Et c’est là que le bât blesse; la grille d’analyse comptable ne tient jamais bien longtemps devant le sourire d’un enfant, face à sa confiance, son innocence à laquelle nous nous accrochons comme des damnés.

Mon rôle, je le porte du mieux que je peux. Mon mari — père de quatre adultes — me gronde, j’en fais des tonnes à ses yeux: «Tu ne lui rends pas service.» Il a sûrement raison. C’est un homme; il n’a pas été conditionn­é de la même façon, ne souffre pas de perfection­nisme domestique et n’a pas remarqué le magazine Guide de survie pour mamans à l’épicerie. Je l’ai acheté pour voir comment les jeunes mères s’en sortent.

Les titres et les photos te coupent toute envie de faire un enfant. On dirait Les Simone qui rencontre La galère : «Votre couple survivra-t-il?»; «Mission impossible? La conciliati­on travail-famille-épanouisse­ment» ; «Terrible 2 et Fucking 4. Mon enfant, ce monstre» ; « Ces papas qui ne désirent plus la mère de leur enfant — après avoir assisté à l’accoucheme­nt » ; « Ma vie depuis que je ne dors plus » ; tout le magazine est à l’avenant. Et ça s’adresse à qui ? À nous.

Mère Courage ou Mère Naufrage

J’ai appris beaucoup dans cette aventure fondamenta­le qui m’inscrit dans le cycle naissancev­ie-mort. J’ai saisi des choses sur mon humanité, mes limites et mon amour parfois épuisable, le don, le pardon et le dépassemen­t de soi (eh oui!), la patience, l’intimité profonde, le lâcherpris­e et les deuils inhérents à chaque étape.

C’est l’expérience la plus déstabilis­ante de mon existence humaine. Non, je ne pense pas que notre société nous aide beaucoup, nous traînons un héritage patriarcal bien établi et nous devons souvent maquiller notre maternité et feindre la béatitude d’une Vierge de plâtre.

Oui, nous en faisons trop. Au risque de nous faire reprocher de ne pas en faire assez. «C’est un beau catch 22 quand on y pense, toutes ces injonction­s à devenir la mère parfaite pour ensuite se faire reprocher d’être contrôlant­e, vous ne trouvez pas? C’est ce qu’on appelle couramment une injonction paradoxale ou double contrainte, en bon français », souligne Marilyse.

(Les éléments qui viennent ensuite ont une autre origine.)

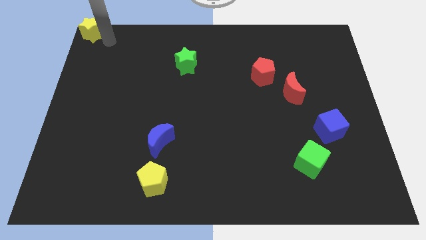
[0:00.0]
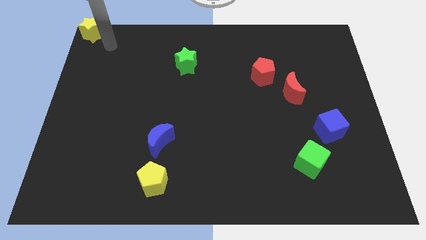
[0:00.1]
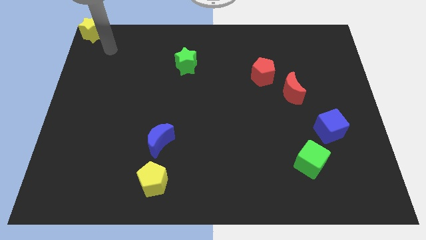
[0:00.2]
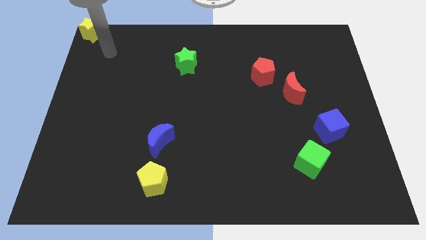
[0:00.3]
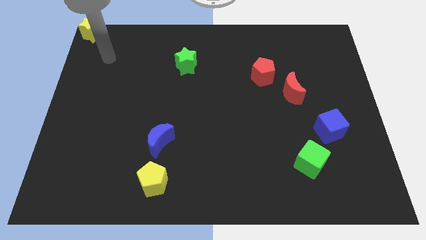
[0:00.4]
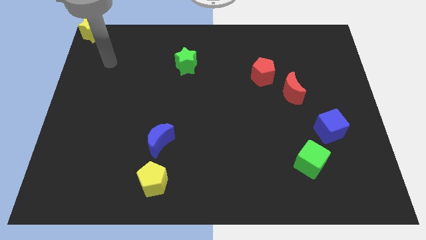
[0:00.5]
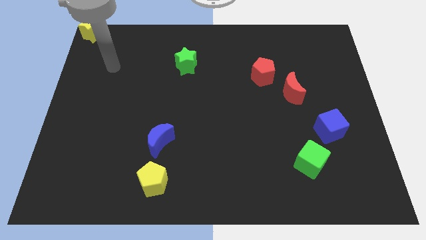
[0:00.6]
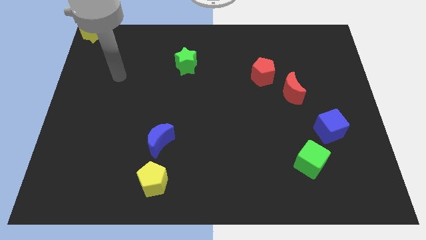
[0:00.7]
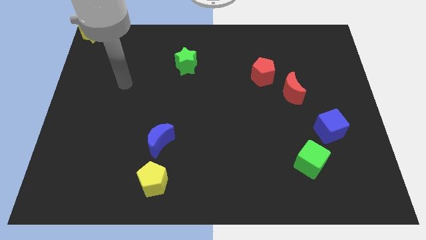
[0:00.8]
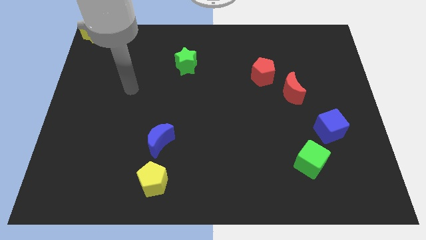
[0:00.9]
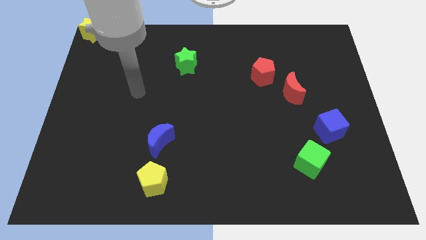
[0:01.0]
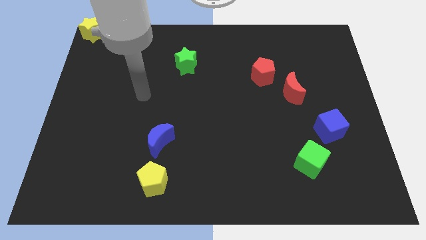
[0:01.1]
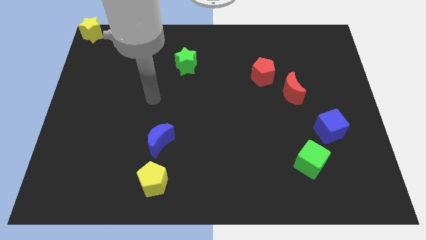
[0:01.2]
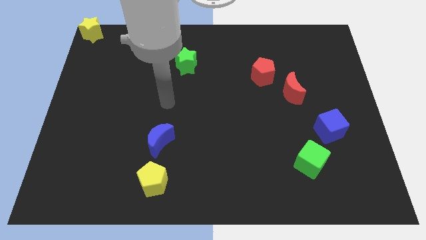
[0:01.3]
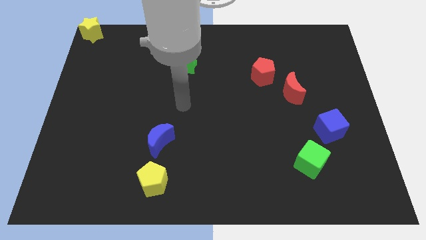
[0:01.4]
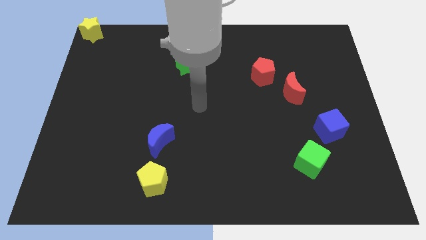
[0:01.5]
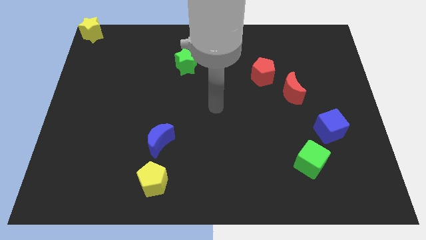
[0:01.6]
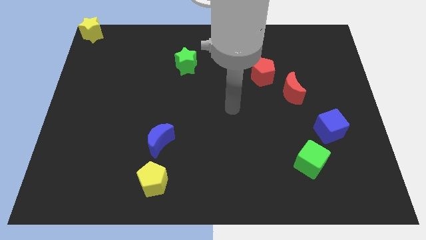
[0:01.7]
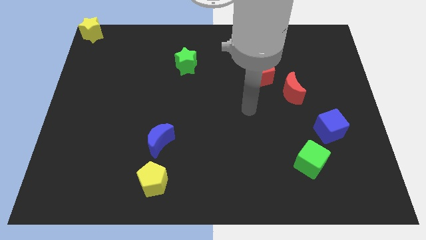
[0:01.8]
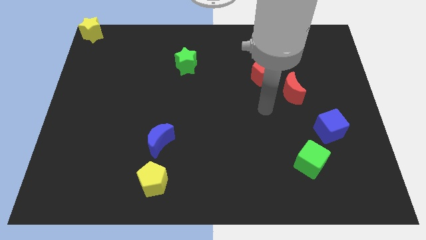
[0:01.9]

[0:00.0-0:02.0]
place your hand to left side of the crescent

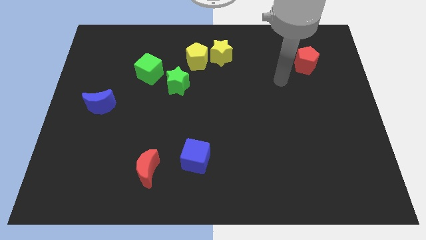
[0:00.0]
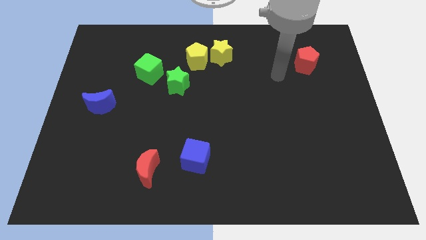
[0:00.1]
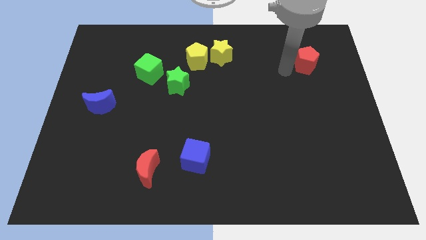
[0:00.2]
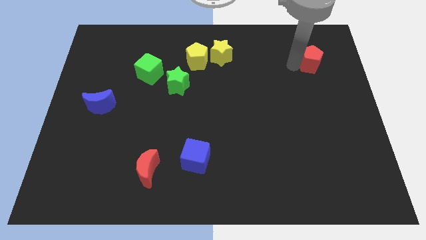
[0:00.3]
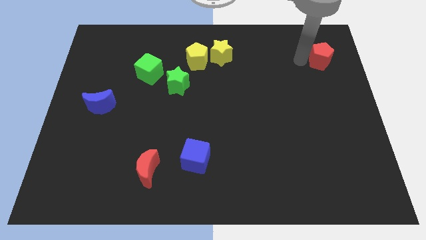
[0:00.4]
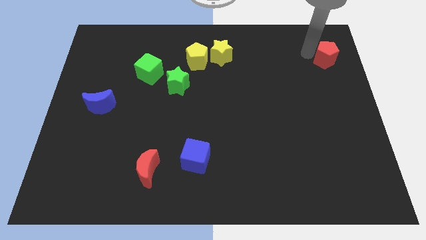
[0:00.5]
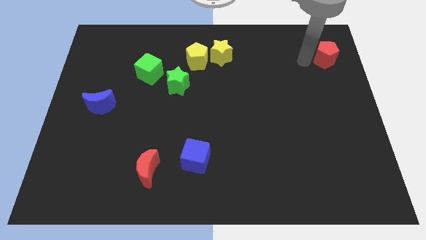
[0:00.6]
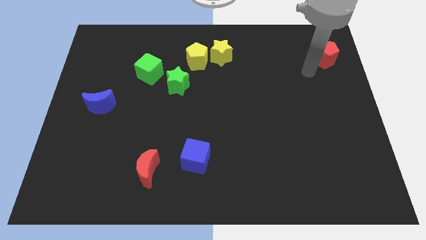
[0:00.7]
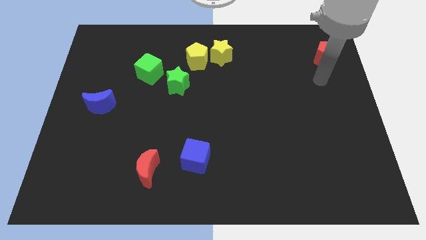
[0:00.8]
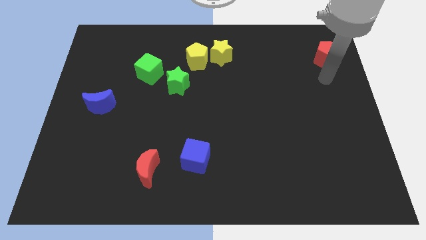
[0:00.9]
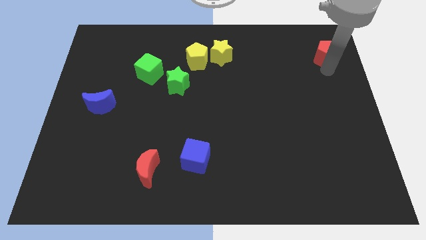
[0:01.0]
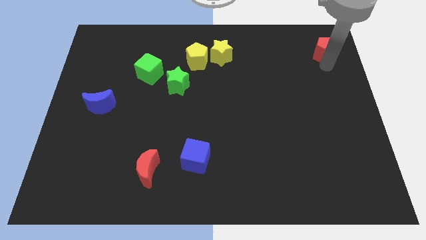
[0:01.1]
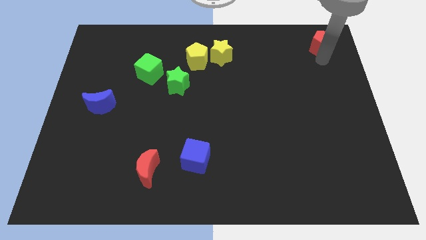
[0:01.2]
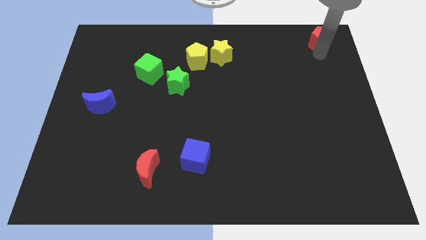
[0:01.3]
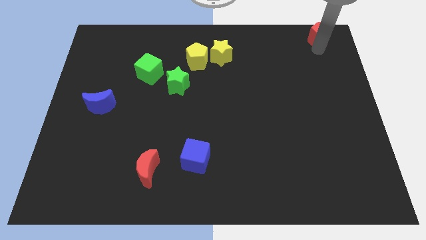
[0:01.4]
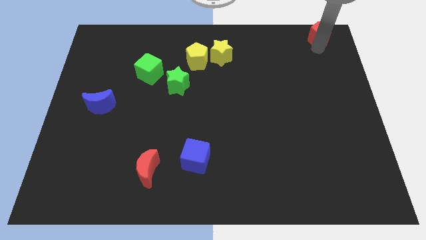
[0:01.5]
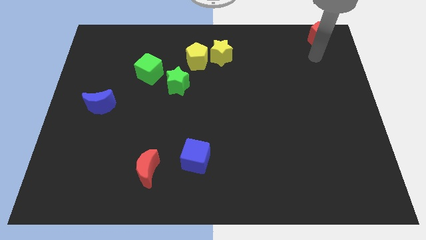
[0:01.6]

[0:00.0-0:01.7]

Des jeunes femmes de 20 ans se confient à mon mari à l’université, ses étudiantes en environnem­ent surtout, et avouent ne pas vouloir mettre un enfant au monde en regard de la dégradatio­n et du futur de notre planète. Si j’estimais farfelue cette hypothèse de dénatalité jadis (mes excuses à l’auteur et philosophe Martin Gibert), je la trouve très justifiabl­e aujourd’hui. Le cadeau de la vie n’est peut-être plus un «cadeau».

Tout ce que je sais, au final, c’est qu’on traverse cette vie et qu’elle nous traverse aussi. C’est ça, un enfant: juste la Vie qui nous fait du rentre-dedans. Et elle ne nous demande pas notre avis.